QuickShift [1] is a fast method for hierarchical clustering, which first constructs the clustering tree, and subsequently allows to quickly cut links in the tree which exceed a specified length. This second step can be performed for different link-lengths without having to re-run the clustering itself. Care has been taken to provide a high-performance implementation.
[1] Quick Shift and Kernel Methods for Mode Seeking
a = quickshift(data)
a = quickshift(data, sigma)
# cluster ndim x nsamplex matrix data.
# sigma: Gaussian kernel width, see paper
labels = quickshiftlabels(a::QuickShift)
labels = quickshiftlabels(a::QuickShift, maxlinklength)

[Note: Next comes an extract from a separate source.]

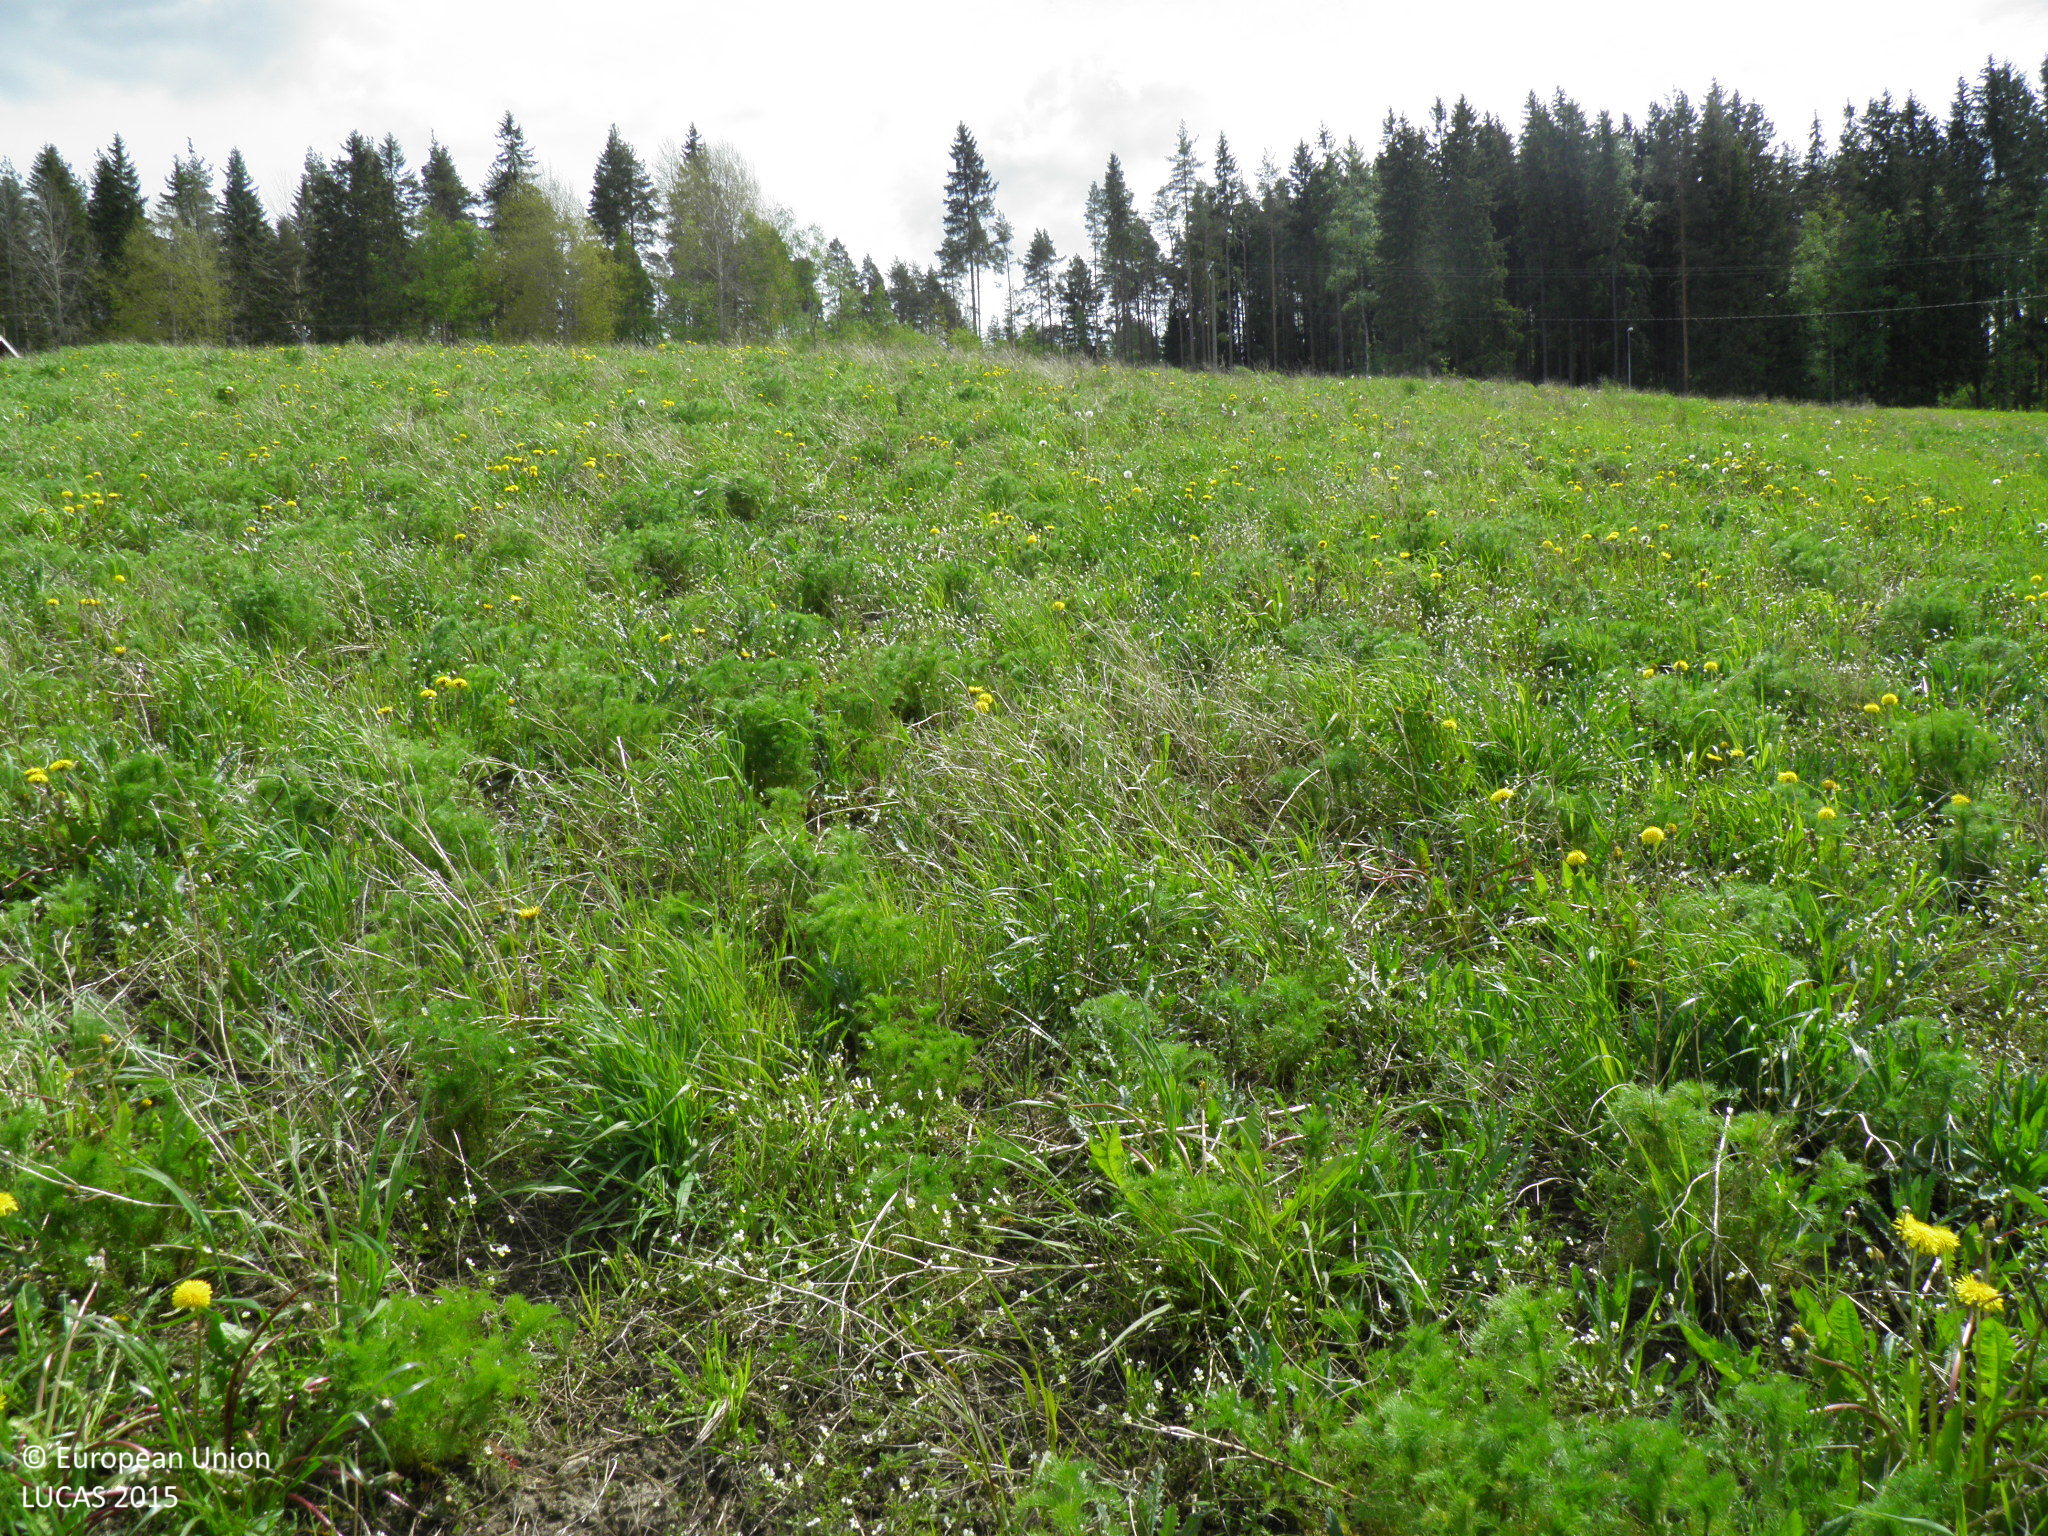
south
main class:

# cut links in the tree with length > maxlinklength
# return cluster labels for data points.
quickshiftplot(a, data, labels)
# plot data points and hierarchical links
# needs PyPlot installed, only for 2D
data 2 x N | Runtime quickshift | Runtime quickshiftlabels |
---|---|---|
1000 | 0.06 sec | 0.0002 sec |
10000 | 0.27 sec | 0.004 sec |
100000 | 9.67 sec | 0.04 sec |
For larger numbers of data points, you might want to use KShiftsClustering.jl to cluster the N
data points to e.g. 10.000 cluster centers, and then perform QuickShift on those.
Comparison with kmedoids
for 20.000 points:
using Clustering, QuickShiftClustering, FunctionalDataUtils
data = rand(2,20000)
@time a = kmedoids(1-exp(-distance(data,data)*10),10)
# => elapsed time: 56.666481916 seconds (41126243444 bytes allocated, 15.31% gc time)
@time labels = quickshiftlabels(quickshift(data))
# => elapsed time: 1.187448525 seconds (277816624 bytes allocated, 28.79% gc time)
using FunctionalData
data = @p map unstack(1:10) (x->10*randn(2,1).+randn(2,100)) | flatten
using QuickShiftClustering
a = quickshift(data)
labels = quickshiftlabels(a)
quickshiftplot(a, data, labels)